Are you copying files over, or are you moving them? 1. Moving them is easiest. Just move whatever you find, and use a sensible target filename. 2. Copying them is harder. Filename, timestamp, size, md5sum can be used to decide if you already have them. -- William On Fri, Feb 17, 2017 at 03:41:39PM -0500, Stewart C. Russell via talk wrote:
I need to watch a folder on a network share (a scanner) and see when new files are created. There are a couple of special things about this location:
* It's over CIFS. There's nothing I can do about that. I think that means I can't use Inotify.
* It doesn't have an accurate clock for timestamping. There's nothing I can do about that, either.
* If the share is being written to by the device, it effectively disappears: stat() complains loudly.
* It reuses the lowest available file name of the form ???EPSON%03d.(PDF|JPG)???, so synching the share to a sensible filesystem might overwrite files accidentally.

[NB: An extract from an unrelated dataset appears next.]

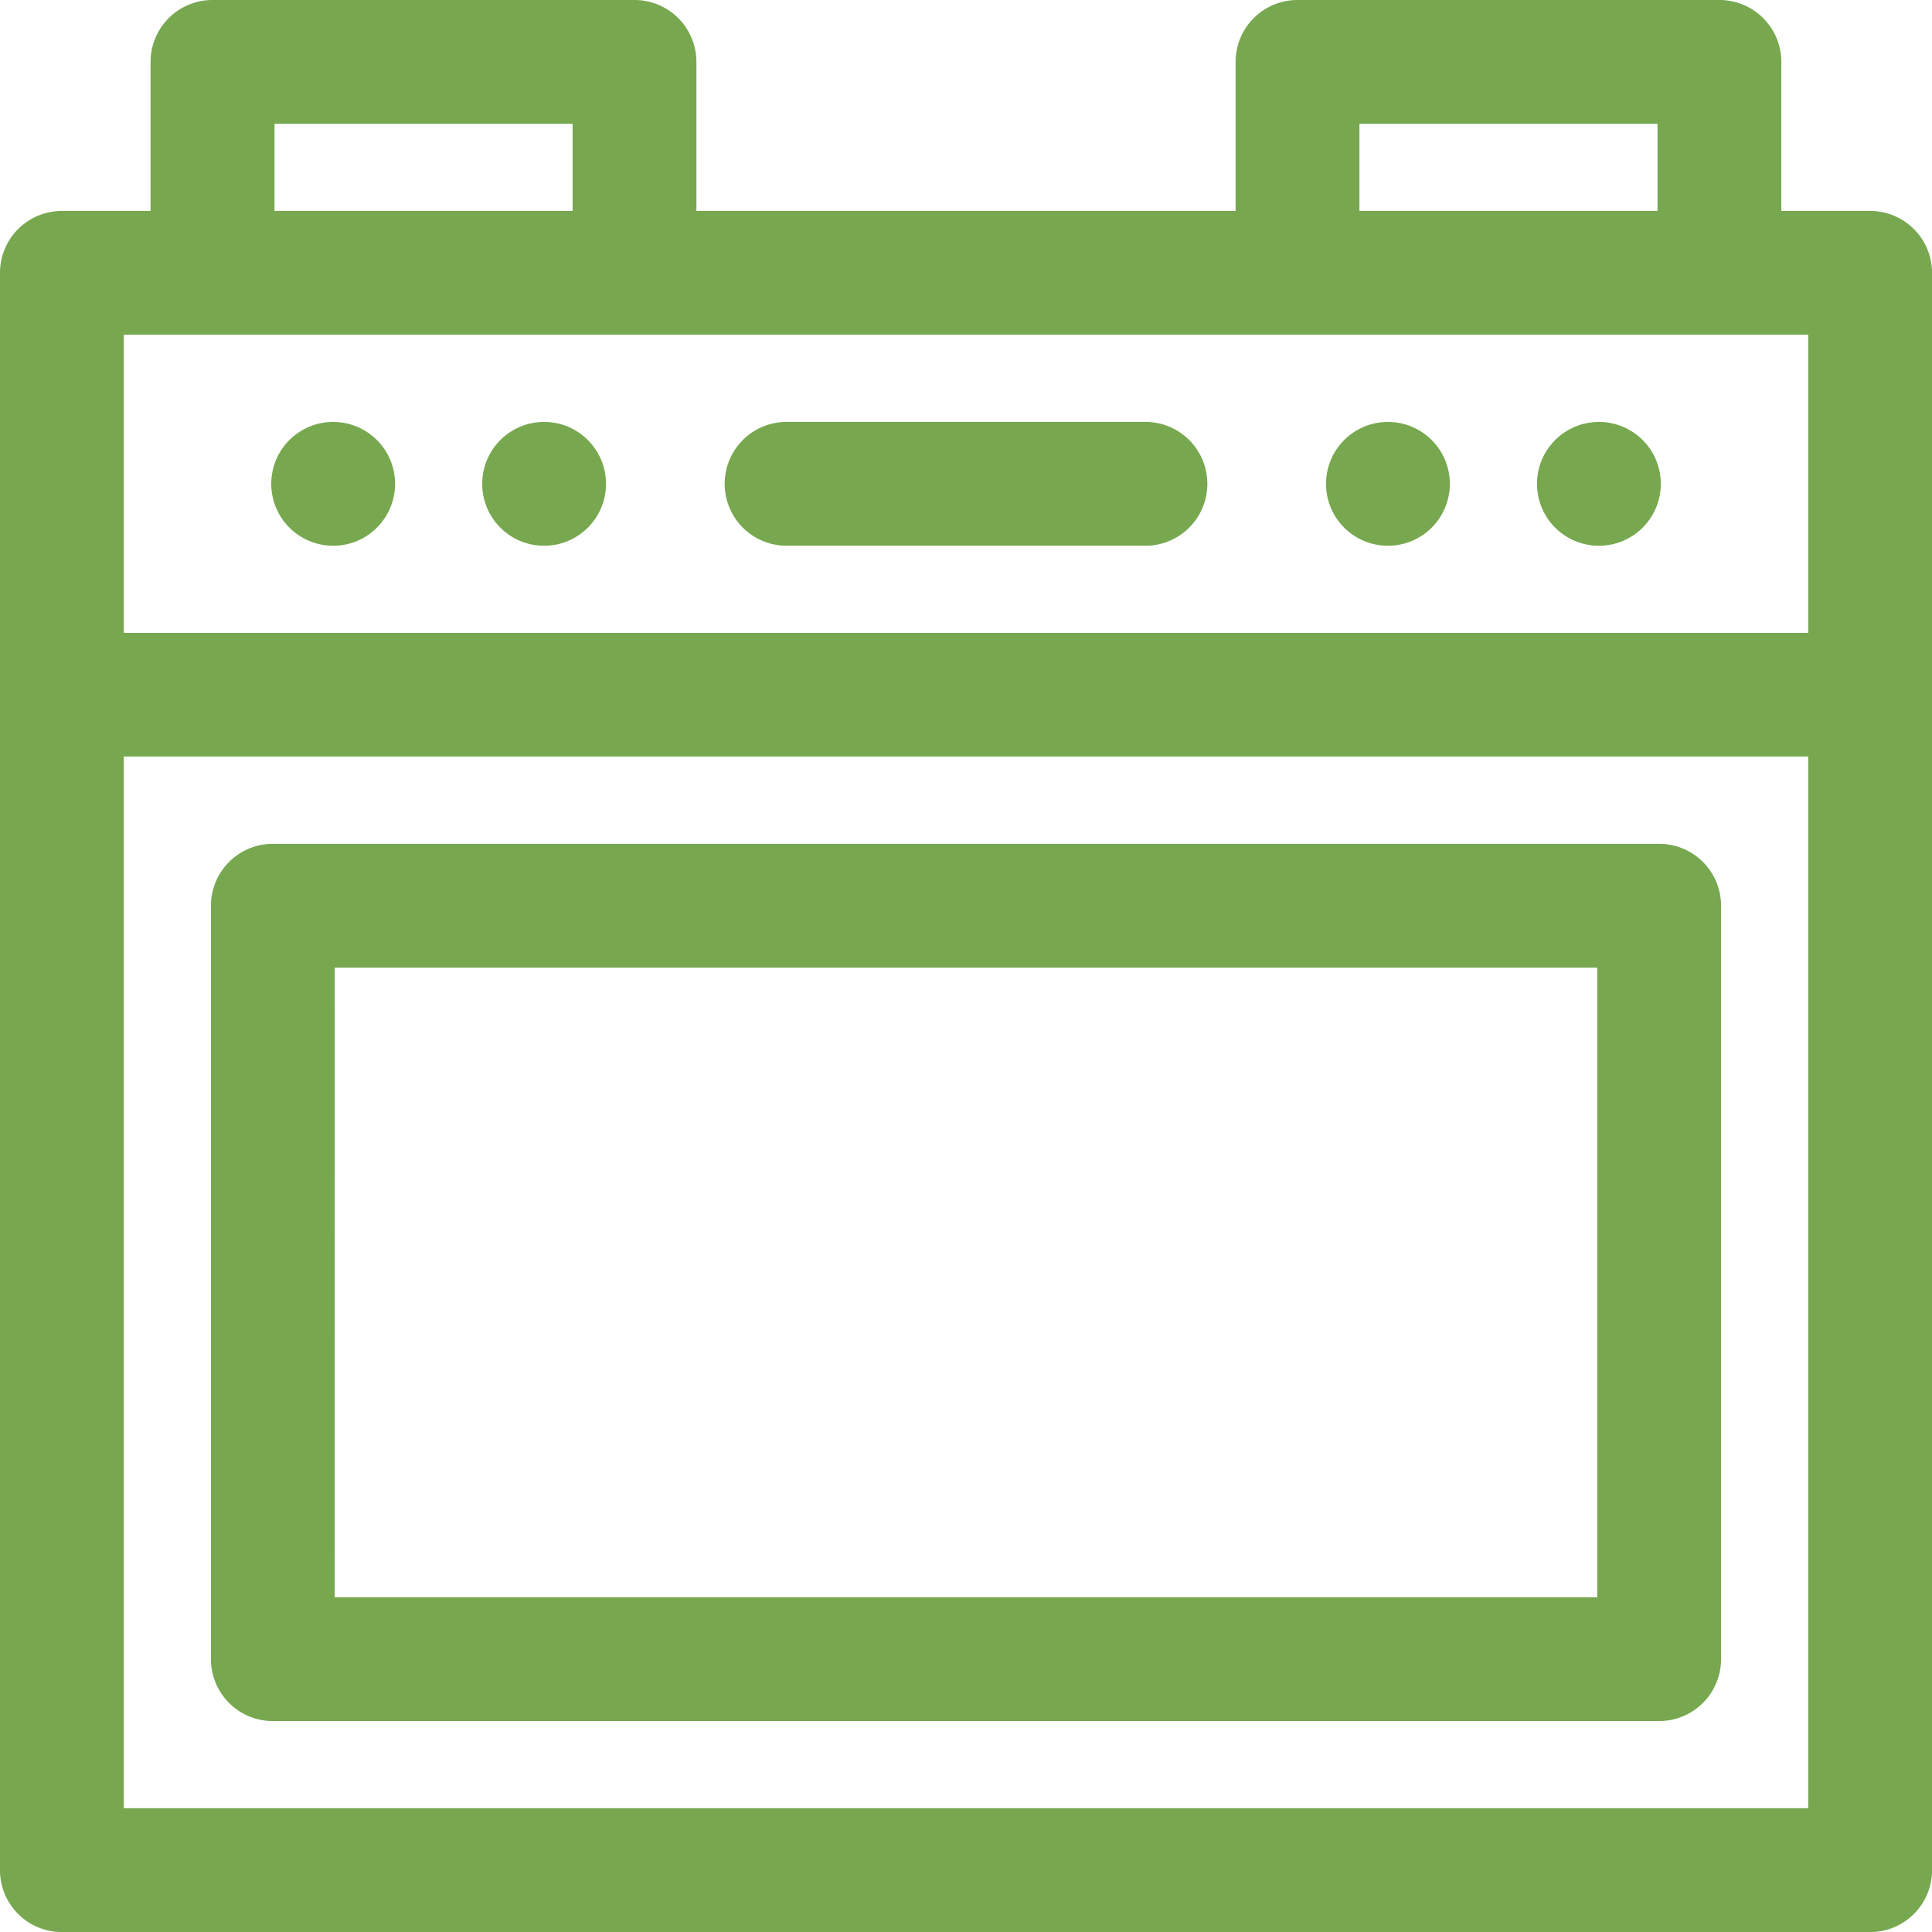 <svg xmlns="http://www.w3.org/2000/svg" width="52.736" height="52.736" viewBox="0 0 52.736 52.736"><g id="microwave_16922412" transform="translate(0.25 0.25)"><path id="Trazado_53" data-name="Trazado 53" d="M8.69,51.695H46.53a1.439,1.439,0,0,0,1.44-1.44V29.69a1.439,1.439,0,0,0-1.44-1.44H8.69a1.439,1.439,0,0,0-1.44,1.44V50.255a1.439,1.439,0,0,0,1.44,1.44Zm1.44-20.565H45.09V48.815H10.129Z" transform="translate(-1.492 -5.217)" fill="#77a84f" stroke="#77a84f" stroke-width="0.5"></path><circle id="Elipse_2" data-name="Elipse 2" cx="1.44" cy="1.44" r="1.44" transform="translate(41.954 11.517)" fill="#77a84f" stroke="#77a84f" stroke-width="0.5"></circle><circle id="Elipse_3" data-name="Elipse 3" cx="1.44" cy="1.44" r="1.44" transform="translate(36.195 11.517)" fill="#77a84f" stroke="#77a84f" stroke-width="0.5"></circle><path id="Trazado_54" data-name="Trazado 54" d="M25.69,17.129h9.871a1.44,1.44,0,0,0,0-2.879H25.69a1.44,1.44,0,0,0,0,2.879Z" transform="translate(-4.507 -2.733)" fill="#77a84f" stroke="#77a84f" stroke-width="0.5"></path><circle id="Elipse_4" data-name="Elipse 4" cx="1.44" cy="1.44" r="1.44" transform="translate(7.404 11.517)" fill="#77a84f" stroke="#77a84f" stroke-width="0.5"></circle><circle id="Elipse_5" data-name="Elipse 5" cx="1.44" cy="1.44" r="1.44" transform="translate(13.162 11.517)" fill="#77a84f" stroke="#77a84f" stroke-width="0.5"></circle><path id="Trazado_55" data-name="Trazado 55" d="M51.047,6.008H48.373V1.69A1.439,1.439,0,0,0,46.934.25H35.417a1.439,1.439,0,0,0-1.44,1.44V6.008H18.759V1.69A1.439,1.439,0,0,0,17.319.25H5.8a1.439,1.439,0,0,0-1.44,1.44V6.008H1.69A1.439,1.439,0,0,0,.25,7.448v43.6a1.439,1.439,0,0,0,1.44,1.44H51.047a1.439,1.439,0,0,0,1.44-1.44V7.448a1.439,1.439,0,0,0-1.44-1.44ZM36.857,3.129h8.637V6.008H36.857Zm-29.614,0H15.88V6.008H7.242ZM49.607,49.607H3.129V20.4H49.607Zm0-32.082H3.129V8.887H49.607Z" transform="translate(-0.25 -0.25)" fill="#77a84f" stroke="#77a84f" stroke-width="0.5"></path></g></svg>

* I don't need to watch it very often; a few times per hour would be fine.
I tried using Perl's File::ChangeNotify::Watcher, which is supposed to pick the smartest method available. Unfortunately, this seems to be calling stat() every two seconds, resulting in:
1. Messages (one per existing file on the share) saying that the scanner has deleted them. This happens when someone starts scanning
2. An error message from stat() every two seconds while the device is scanning
3. Messages saying that all of the old files (plus the new one) have been created.
I was naïvely hoping for a mechanism that would report ???Hey, you have a new file called $filename??? but that seems to have been a pipedream. What do People Who Actually Know What They're Doing use, please?